La settimana scorsa è scoppiata la polemica attorno all’avviso pubblico di ATS per la ricerca di personale medico-sanitario volontario disponibile a somministrare i vaccini anti Covid.
Una scelta a mio avviso poco comprensibile dal momento che questo tipo di attività comporta una certa dose di responsabilità, competenze specifiche e una serie di rischi connessi alla somministrazione del vaccino, non indifferenti. Come sostenuto dallo stesso presidente dell’Ordine degli infermieri di Mantova, Andrea Guandalini “un servizio di alto impatto sociosanitario, come la vaccinazione”, deve essere “formalizzato anche attraverso una forma contrattuale che riconosca il valore dei professionisti”.

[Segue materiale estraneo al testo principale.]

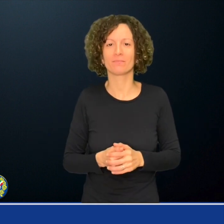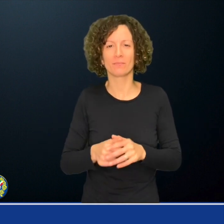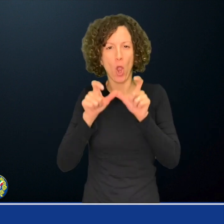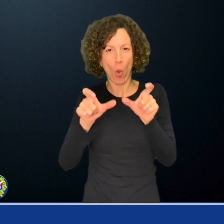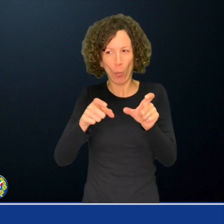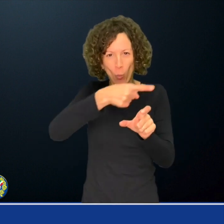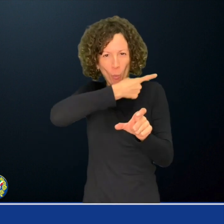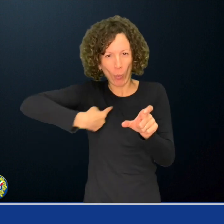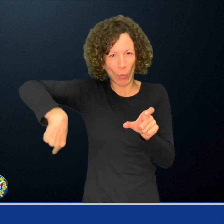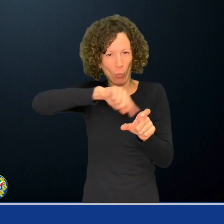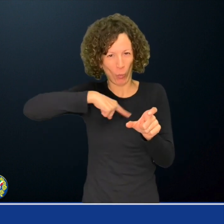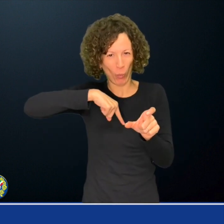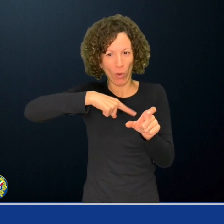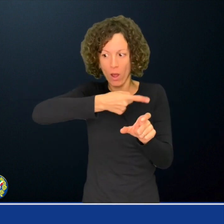Niente su di noi, senza di noi.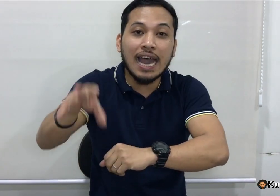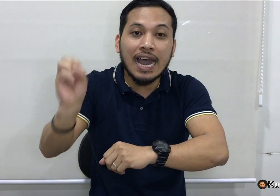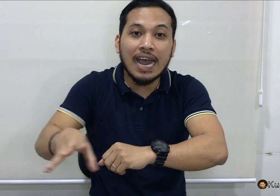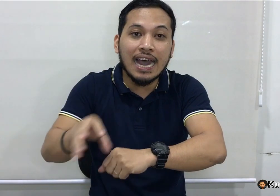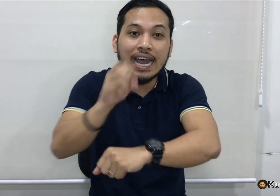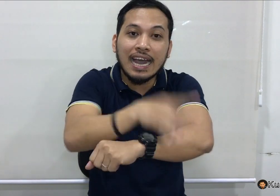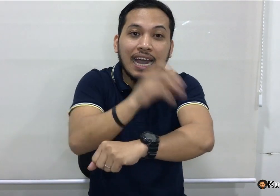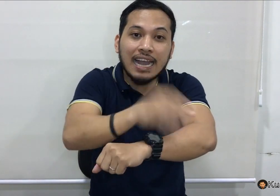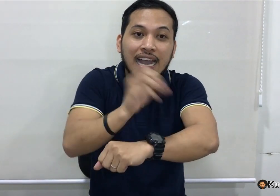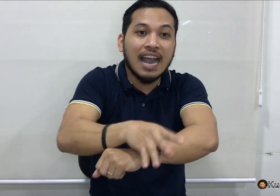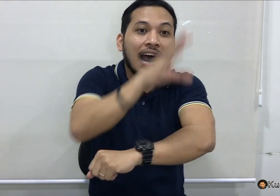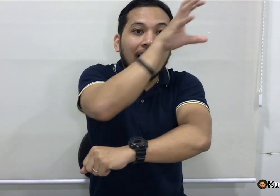chismosang

Lo ha già previsto il governo, che offre incarichi di lavoro autonomo e di collaborazione coordinata e continuativa, con durata non superiore a sei mesi, a medici e infermieri già in pensione. Lo ha fatto l’Asst di Mantova, che ha reclutato il personale pagandoli a ore e con contratto di libera professione. E mi risulta che la stessa cosa sia stata fatta anche in Emilia-Romagna dove gli operatori sanitari vengano pagati 35€ all’ora per questo tipo di prestazioni.
La somministrazione dei vaccini richiede una professionalità che merita un compenso adeguato. Chiedere di fare volontariato significa, a mio avviso, sminuire questa professionalità.